DATA TO PROCESS START
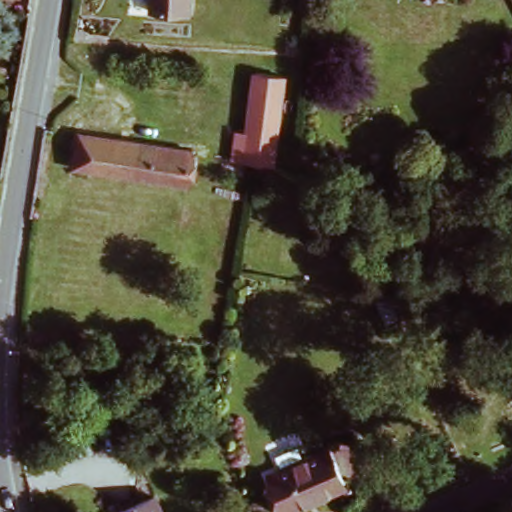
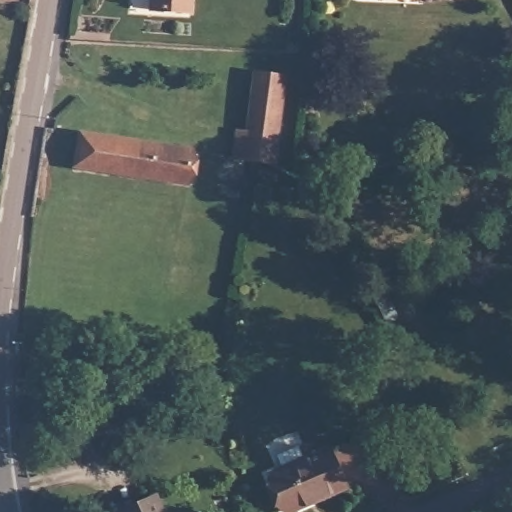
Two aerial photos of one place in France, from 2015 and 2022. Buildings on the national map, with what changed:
unchanged [(152,8),(154,0),(188,0),(186,13),(152,8)]
unchanged [(239,128),(247,128),(255,69),(290,71),(278,163),(235,160),(239,128)]
unchanged [(182,181),(75,161),(82,126),(188,146),(182,181)]
unchanged [(291,448),(298,462),(326,449),(344,488),(293,512),(284,512),(267,476),(280,469),(274,456),(291,448)]
unchanged [(169,512),(127,512),(161,496),(169,512)]

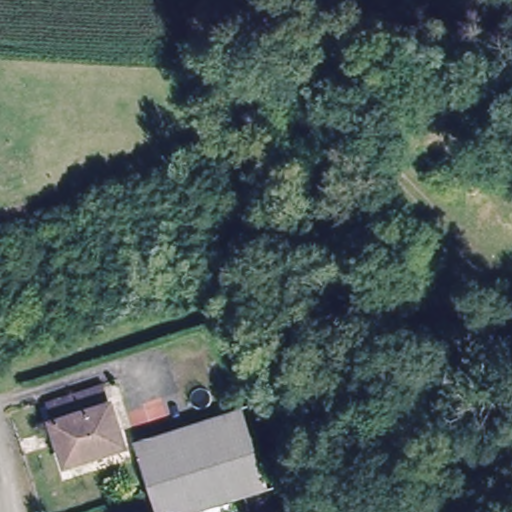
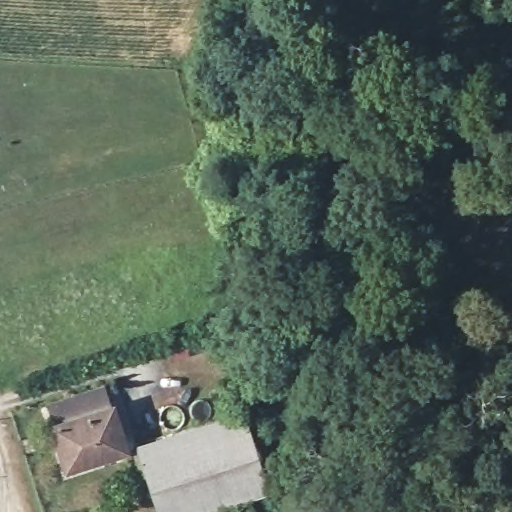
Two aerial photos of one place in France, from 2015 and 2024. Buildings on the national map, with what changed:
unchanged [(107,400),(99,404),(50,421),(44,400),(95,386),(102,383),(107,400)]
unchanged [(123,444),(91,456),(87,446),(60,455),(50,421),(99,404),(107,400),(123,444)]
unchanged [(265,478),(162,510),(154,480),(141,434),(243,403),(265,478)]
unchanged [(269,493),(211,512),(163,512),(162,510),(265,478),(269,493)]

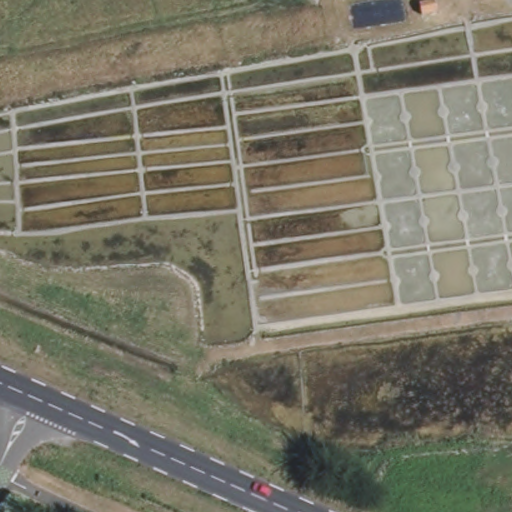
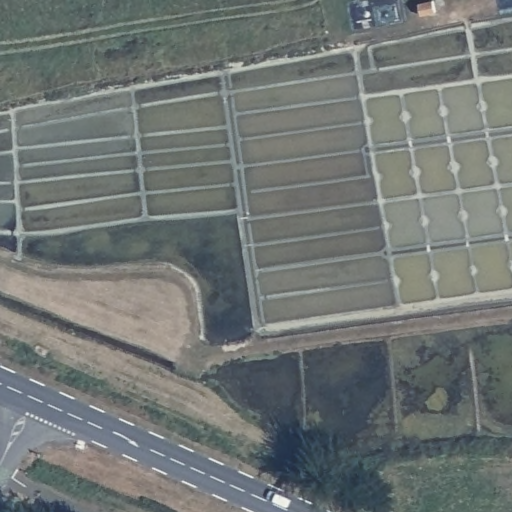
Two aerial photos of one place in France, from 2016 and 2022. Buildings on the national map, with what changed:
unchanged [(425,13),(422,2),(432,0),(437,0),(439,10),(425,13)]

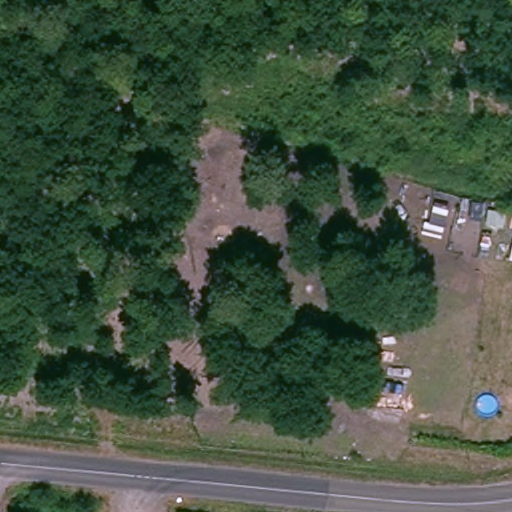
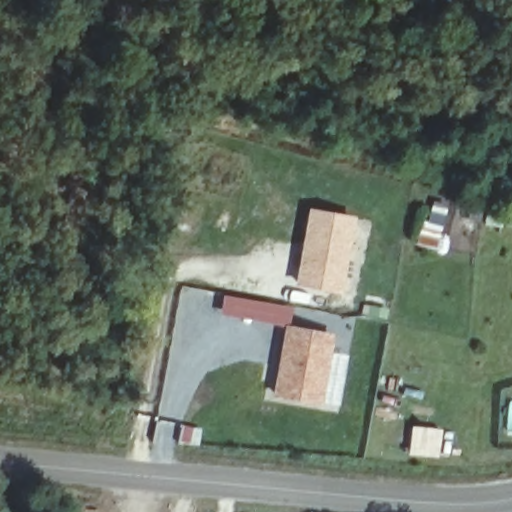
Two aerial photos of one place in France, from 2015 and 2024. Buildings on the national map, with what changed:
new [(296,286),(308,210),(356,217),(343,295),(296,286)]
new [(273,396),(285,327),(335,334),(320,406),(273,396)]

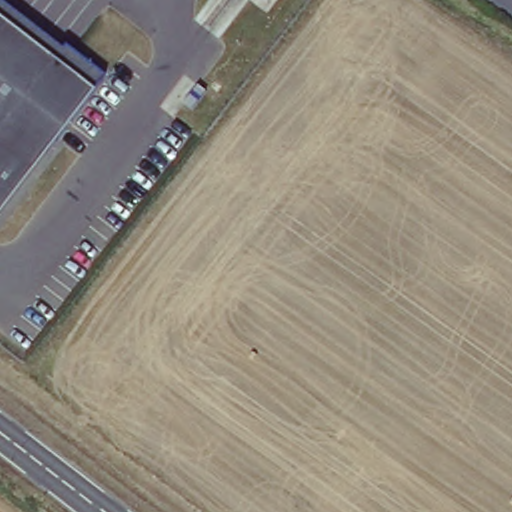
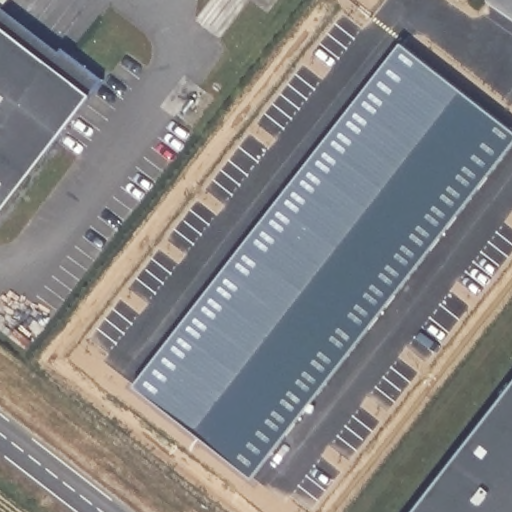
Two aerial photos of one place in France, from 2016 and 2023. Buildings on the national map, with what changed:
unchanged [(3,220),(0,218),(0,5),(107,85),(3,220)]
new [(512,120),(512,147),(268,482),(135,381),(401,36),(512,120)]
new [(412,512),(512,382),(512,512),(412,512)]

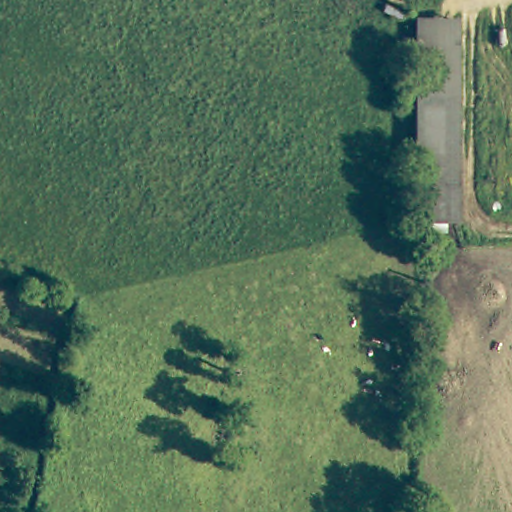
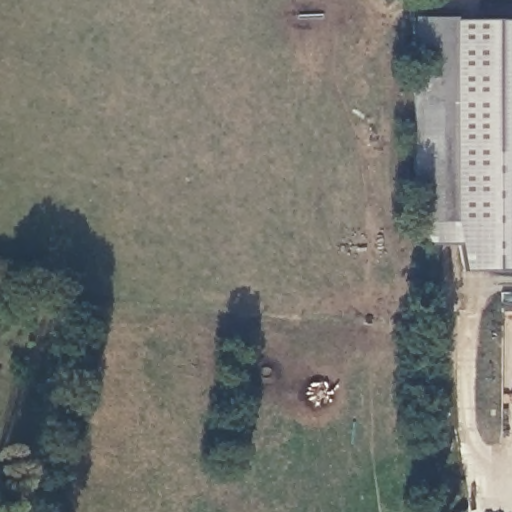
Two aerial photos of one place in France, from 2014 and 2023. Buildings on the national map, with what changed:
new [(512,272),(464,273),(458,245),(429,245),(418,217),(459,217),(460,19),(512,18),(512,272)]
unchanged [(419,19),(460,19),(459,217),(418,217),(419,19)]

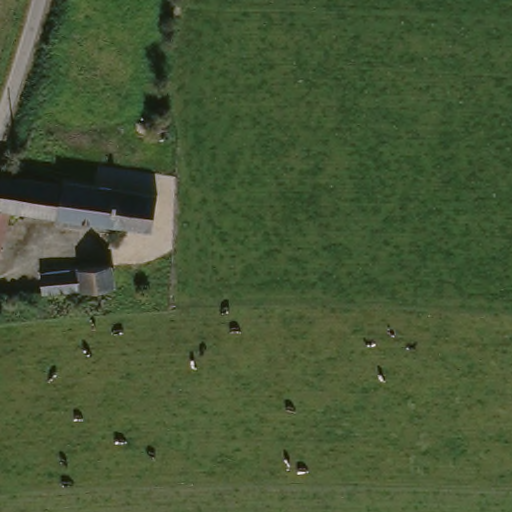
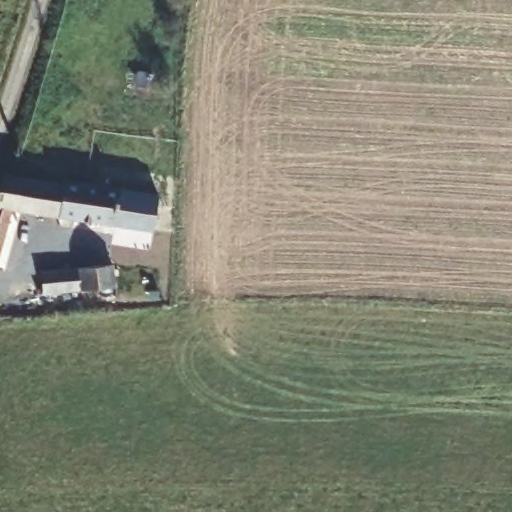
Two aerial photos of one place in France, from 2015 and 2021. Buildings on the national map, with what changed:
unchanged [(0,254),(0,184),(3,174),(63,182),(58,220),(11,214),(0,254)]
unchanged [(63,182),(120,189),(115,227),(58,220),(63,182)]
unchanged [(120,189),(154,194),(160,196),(154,232),(115,227),(120,189)]
unchanged [(43,282),(79,276),(114,271),(118,290),(81,297),(46,302),(43,282)]
DATA TO PROCESS END
## WHAT THE TASK REQUIRES
Copy the records shown above in their entirety and exactly; images are to be left out.

## RESULT BELOW
Two aerial photos of one place in France, from 2015 and 2022. Buildings on the national map, with what changed:
unchanged [(152,8),(154,0),(188,0),(186,13),(152,8)]
unchanged [(239,128),(247,128),(255,69),(290,71),(278,163),(235,160),(239,128)]
unchanged [(182,181),(75,161),(82,126),(188,146),(182,181)]
unchanged [(291,448),(298,462),(326,449),(344,488),(293,512),(284,512),(267,476),(280,469),(274,456),(291,448)]
unchanged [(169,512),(127,512),(161,496),(169,512)]

Two aerial photos of one place in France, from 2015 and 2024. Buildings on the national map, with what changed:
unchanged [(107,400),(99,404),(50,421),(44,400),(95,386),(102,383),(107,400)]
unchanged [(123,444),(91,456),(87,446),(60,455),(50,421),(99,404),(107,400),(123,444)]
unchanged [(265,478),(162,510),(154,480),(141,434),(243,403),(265,478)]
unchanged [(269,493),(211,512),(163,512),(162,510),(265,478),(269,493)]

Two aerial photos of one place in France, from 2016 and 2022. Buildings on the national map, with what changed:
unchanged [(425,13),(422,2),(432,0),(437,0),(439,10),(425,13)]

Two aerial photos of one place in France, from 2015 and 2024. Buildings on the national map, with what changed:
new [(296,286),(308,210),(356,217),(343,295),(296,286)]
new [(273,396),(285,327),(335,334),(320,406),(273,396)]

Two aerial photos of one place in France, from 2016 and 2023. Buildings on the national map, with what changed:
unchanged [(3,220),(0,218),(0,5),(107,85),(3,220)]
new [(512,120),(512,147),(268,482),(135,381),(401,36),(512,120)]
new [(412,512),(512,382),(512,512),(412,512)]

Two aerial photos of one place in France, from 2014 and 2023. Buildings on the national map, with what changed:
new [(512,272),(464,273),(458,245),(429,245),(418,217),(459,217),(460,19),(512,18),(512,272)]
unchanged [(419,19),(460,19),(459,217),(418,217),(419,19)]

Two aerial photos of one place in France, from 2015 and 2021. Buildings on the national map, with what changed:
unchanged [(0,254),(0,184),(3,174),(63,182),(58,220),(11,214),(0,254)]
unchanged [(63,182),(120,189),(115,227),(58,220),(63,182)]
unchanged [(120,189),(154,194),(160,196),(154,232),(115,227),(120,189)]
unchanged [(43,282),(79,276),(114,271),(118,290),(81,297),(46,302),(43,282)]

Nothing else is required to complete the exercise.